There are 22 psychiatric hospitals in South Africa and 36 psychiatric wards in general hospitals. Currently, 85% of psychologists are in private practice, leaving 14% for the servicing of the population. Between 1% and 2% of people with a mental illness were classified as having a serious pathology, such as schizophrenia or bipolar disorder. The remainder had disorders such as depression, anxiety and substance dependency.

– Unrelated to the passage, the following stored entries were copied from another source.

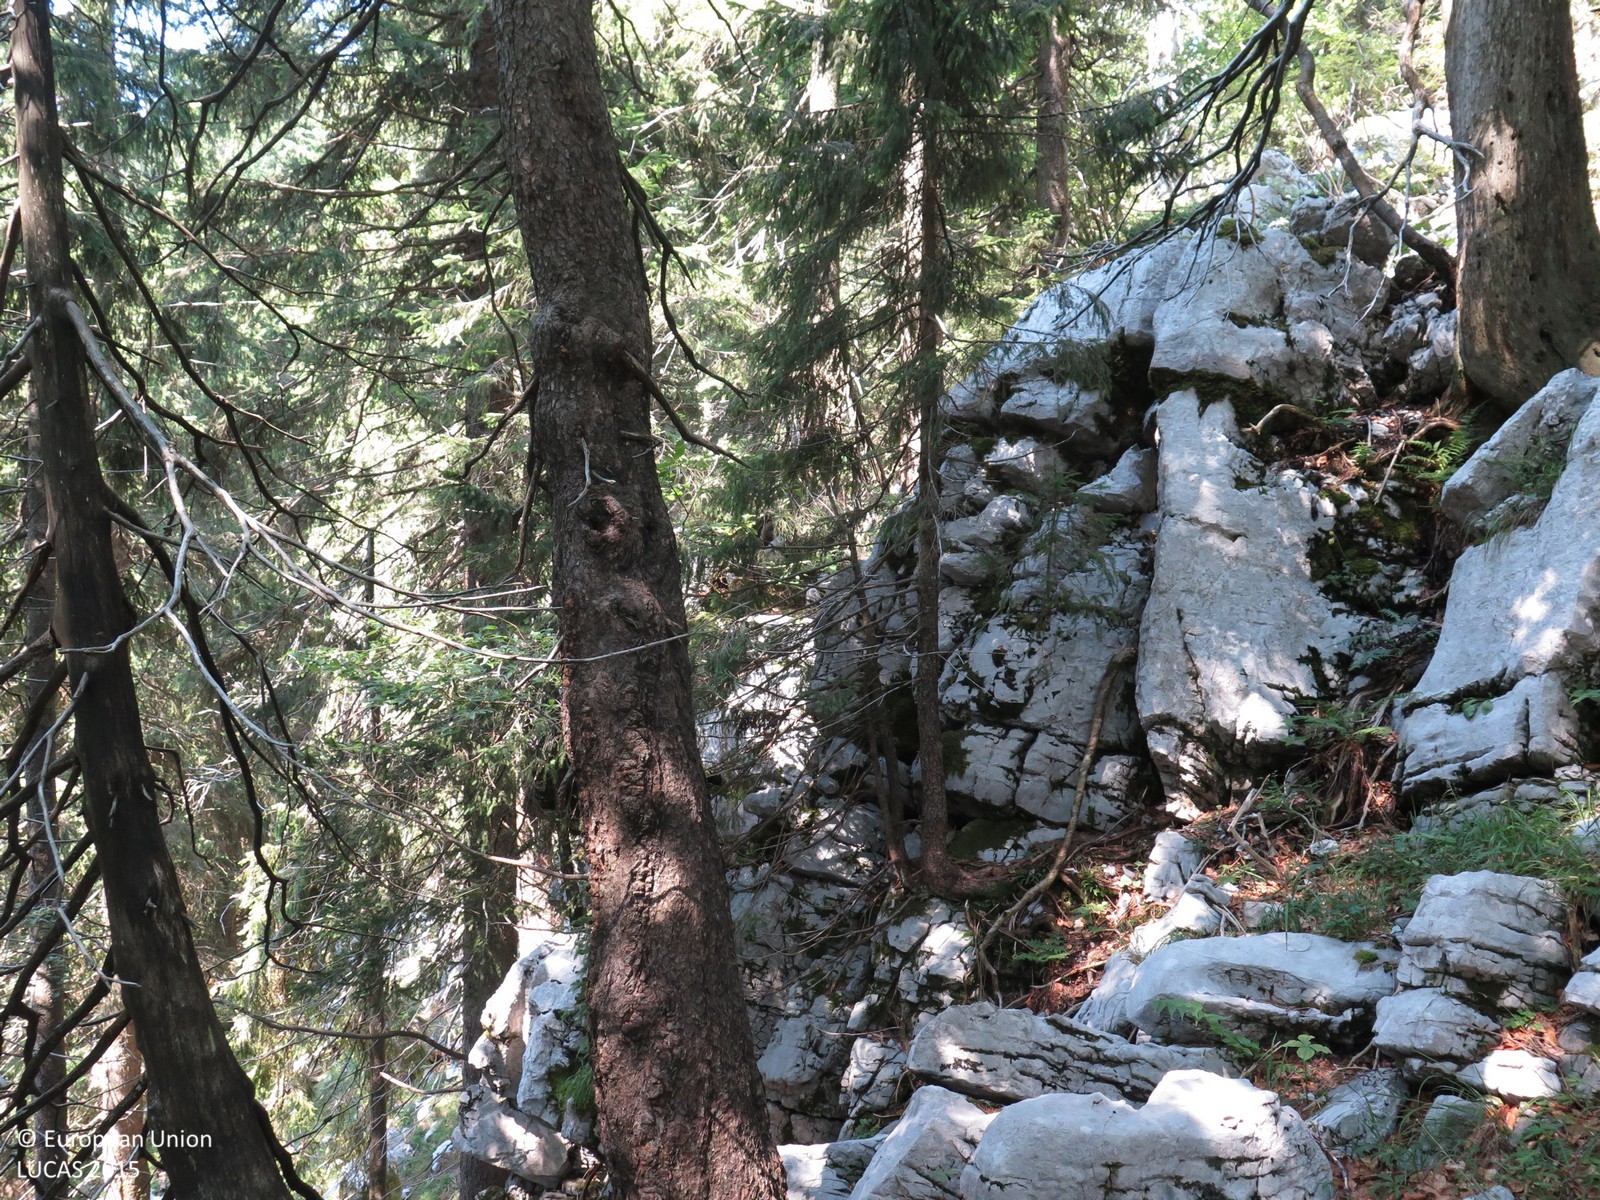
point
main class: Woodland
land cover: Other mixed woodland
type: mountainous beech forest
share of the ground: > 75 %
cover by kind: coniferous forest trees 65 %, broadleaved forest trees 25 %, consolidated bare surface 10 %
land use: Forestry
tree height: > 5 m
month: August
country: HR
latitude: 45.4971
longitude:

The prevalence of mental disorder could be attributed to factors such as:
• The large number of children orphaned by diseases such as HIV/Aids;
• Soldiers who returned to civilian life without psychological and social assistance;
• The number of people severely tortured by the apartheid regime;
• People who worked long hours and were away from their homes and families for extended periods; and
• Children who had received minimal bonding and love from their parents

The introduction of national health insurance, which would give people access to private healthcare services, would go a long way towards correcting this, but looks only likely in 2025. Indirect cost of untreated mental disorders outweighed the direct treatment cost by a factor of almost six.

In the first nationally representative survey of mental disorders in South Africa, lost earnings among adults with severe mental illness amounted to R28.8-billion [in 2002]. But direct spending on adult mental healthcare was only about R470-million.

“In short, it costs more not to treat mental illness than to treat it.”